── MATERIAL PROVIDED ──
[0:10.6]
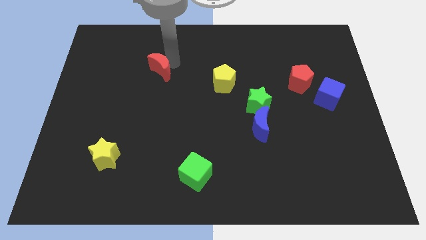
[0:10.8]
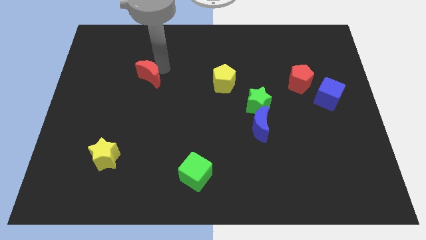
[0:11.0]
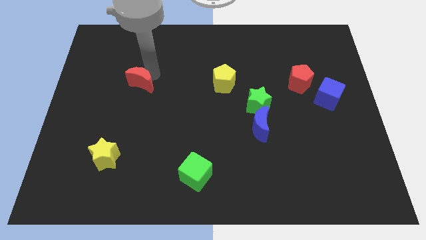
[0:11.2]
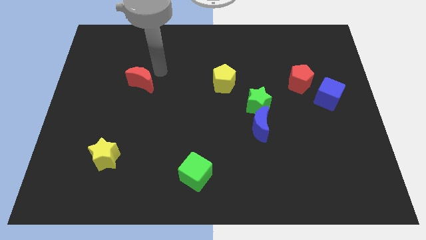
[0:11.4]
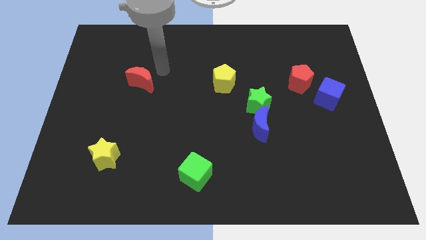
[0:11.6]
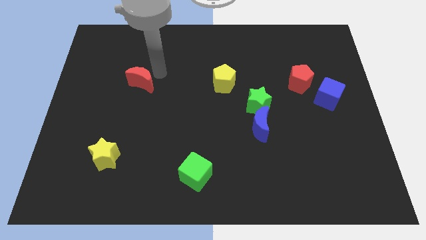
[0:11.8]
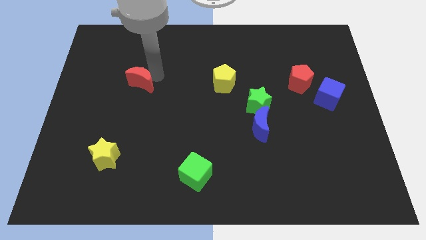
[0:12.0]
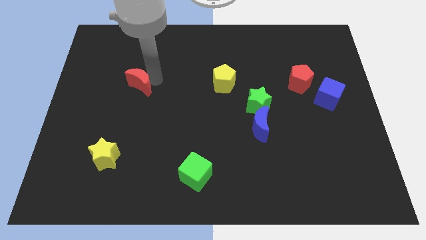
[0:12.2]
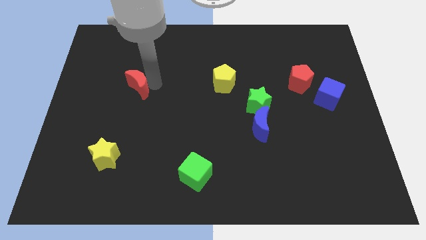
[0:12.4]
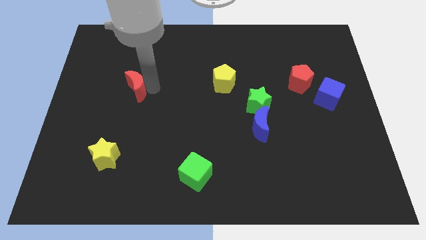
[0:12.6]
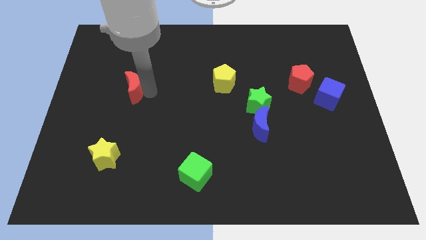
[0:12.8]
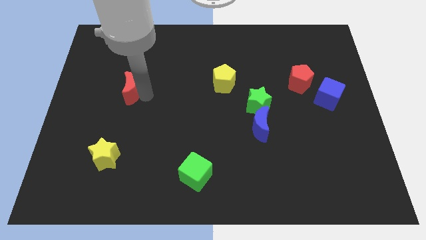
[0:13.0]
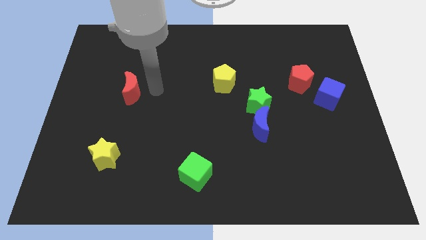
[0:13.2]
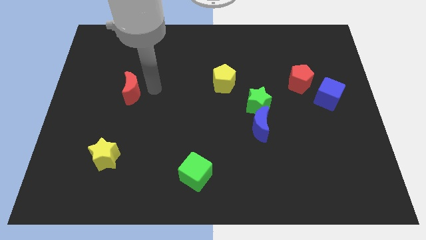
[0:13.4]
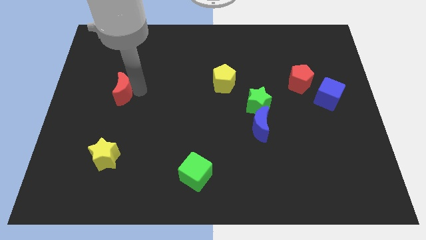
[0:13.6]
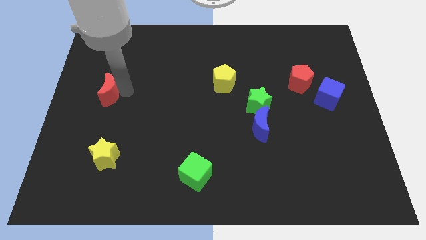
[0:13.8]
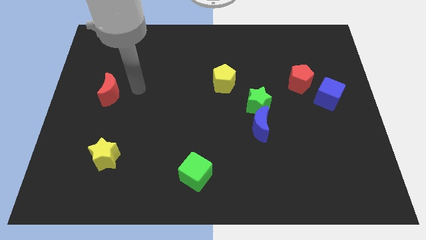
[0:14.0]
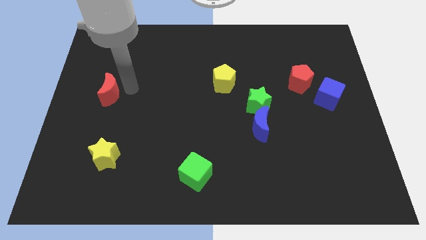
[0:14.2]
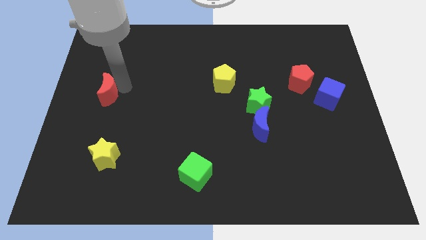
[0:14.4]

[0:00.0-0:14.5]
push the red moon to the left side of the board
───
■ ASSIGNED TASK: Apart from the pictures, every line above must be printed exactly.

■ SOLUTION TO THIS TASK:
[0:10.6]
[0:10.8]
[0:11.0]
[0:11.2]
[0:11.4]
[0:11.6]
[0:11.8]
[0:12.0]
[0:12.2]
[0:12.4]
[0:12.6]
[0:12.8]
[0:13.0]
[0:13.2]
[0:13.4]
[0:13.6]
[0:13.8]
[0:14.0]
[0:14.2]
[0:14.4]

[0:00.0-0:14.5]
push the red moon to the left side of the board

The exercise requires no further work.